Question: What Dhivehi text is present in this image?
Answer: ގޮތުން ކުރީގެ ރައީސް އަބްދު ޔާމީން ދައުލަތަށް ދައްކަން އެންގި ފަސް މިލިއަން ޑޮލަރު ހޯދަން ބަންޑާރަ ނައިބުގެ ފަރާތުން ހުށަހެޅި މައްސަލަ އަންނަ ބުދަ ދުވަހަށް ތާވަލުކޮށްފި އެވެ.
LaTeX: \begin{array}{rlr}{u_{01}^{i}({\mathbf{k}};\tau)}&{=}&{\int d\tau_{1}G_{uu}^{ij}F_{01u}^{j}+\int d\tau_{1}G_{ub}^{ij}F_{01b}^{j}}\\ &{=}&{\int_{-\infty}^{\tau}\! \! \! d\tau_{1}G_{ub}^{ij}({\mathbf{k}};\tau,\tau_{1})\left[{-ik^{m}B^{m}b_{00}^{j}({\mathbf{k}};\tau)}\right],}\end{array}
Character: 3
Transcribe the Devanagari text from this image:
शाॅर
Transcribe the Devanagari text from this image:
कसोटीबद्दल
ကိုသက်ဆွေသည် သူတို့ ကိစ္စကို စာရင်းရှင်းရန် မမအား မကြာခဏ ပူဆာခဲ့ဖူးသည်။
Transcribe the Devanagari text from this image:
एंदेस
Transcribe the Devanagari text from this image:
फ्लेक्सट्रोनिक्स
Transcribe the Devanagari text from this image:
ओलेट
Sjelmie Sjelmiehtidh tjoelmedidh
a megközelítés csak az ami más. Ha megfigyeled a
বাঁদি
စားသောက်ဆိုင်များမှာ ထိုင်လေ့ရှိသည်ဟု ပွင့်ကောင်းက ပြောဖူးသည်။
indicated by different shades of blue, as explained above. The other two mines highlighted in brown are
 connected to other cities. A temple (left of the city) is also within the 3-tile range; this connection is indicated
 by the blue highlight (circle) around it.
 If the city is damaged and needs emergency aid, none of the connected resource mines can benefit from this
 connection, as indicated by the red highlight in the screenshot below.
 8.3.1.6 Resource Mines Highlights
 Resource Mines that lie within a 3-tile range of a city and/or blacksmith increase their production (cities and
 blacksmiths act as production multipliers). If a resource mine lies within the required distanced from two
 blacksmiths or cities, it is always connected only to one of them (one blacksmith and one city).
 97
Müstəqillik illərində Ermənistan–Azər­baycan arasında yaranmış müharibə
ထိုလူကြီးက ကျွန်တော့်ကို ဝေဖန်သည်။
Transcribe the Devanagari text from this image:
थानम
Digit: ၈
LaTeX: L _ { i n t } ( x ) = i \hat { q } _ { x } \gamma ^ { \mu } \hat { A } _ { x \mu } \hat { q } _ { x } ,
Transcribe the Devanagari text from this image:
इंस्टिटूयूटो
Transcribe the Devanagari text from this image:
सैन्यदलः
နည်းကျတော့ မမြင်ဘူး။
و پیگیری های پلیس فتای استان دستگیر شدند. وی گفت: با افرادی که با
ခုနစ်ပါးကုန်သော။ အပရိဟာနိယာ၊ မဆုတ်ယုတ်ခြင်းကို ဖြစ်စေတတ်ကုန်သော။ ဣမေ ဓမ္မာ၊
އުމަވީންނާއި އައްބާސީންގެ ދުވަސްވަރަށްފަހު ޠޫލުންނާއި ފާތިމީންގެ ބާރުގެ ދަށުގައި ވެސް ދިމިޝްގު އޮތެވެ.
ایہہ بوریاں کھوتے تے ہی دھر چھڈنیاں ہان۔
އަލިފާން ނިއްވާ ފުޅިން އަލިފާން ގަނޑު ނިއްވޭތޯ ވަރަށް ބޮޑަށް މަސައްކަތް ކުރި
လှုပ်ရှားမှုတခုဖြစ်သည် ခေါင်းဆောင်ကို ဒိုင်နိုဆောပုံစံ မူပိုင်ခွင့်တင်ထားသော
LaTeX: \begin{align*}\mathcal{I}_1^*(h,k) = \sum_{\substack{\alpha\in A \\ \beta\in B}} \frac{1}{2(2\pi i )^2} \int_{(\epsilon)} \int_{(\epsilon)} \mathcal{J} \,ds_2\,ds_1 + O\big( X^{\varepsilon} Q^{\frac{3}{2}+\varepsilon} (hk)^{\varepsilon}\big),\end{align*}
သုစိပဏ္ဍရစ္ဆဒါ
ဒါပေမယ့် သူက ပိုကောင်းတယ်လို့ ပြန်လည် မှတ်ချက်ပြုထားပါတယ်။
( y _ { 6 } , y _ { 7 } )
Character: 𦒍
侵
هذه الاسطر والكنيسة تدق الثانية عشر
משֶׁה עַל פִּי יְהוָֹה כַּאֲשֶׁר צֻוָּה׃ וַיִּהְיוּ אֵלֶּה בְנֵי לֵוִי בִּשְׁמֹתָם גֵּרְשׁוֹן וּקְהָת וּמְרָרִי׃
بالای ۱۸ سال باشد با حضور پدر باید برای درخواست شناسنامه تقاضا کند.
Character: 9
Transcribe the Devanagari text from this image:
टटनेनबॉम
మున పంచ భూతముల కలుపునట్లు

-.-.-

* **DIRECTIONS**
If a line comes after the one containing "Answer: ގޮތުން ކުރީގެ", leave it out; set down every line of the data before it, and that line itself, exactly.

* **RESPONSE AREA**
Question: What Dhivehi text is present in this image?
Answer: ގޮތުން ކުރީގެ ރައީސް އަބްދު ޔާމީން ދައުލަތަށް ދައްކަން އެންގި ފަސް މިލިއަން ޑޮލަރު ހޯދަން ބަންޑާރަ ނައިބުގެ ފަރާތުން ހުށަހެޅި މައްސަލަ އަންނަ ބުދަ ދުވަހަށް ތާވަލުކޮށްފި އެވެ.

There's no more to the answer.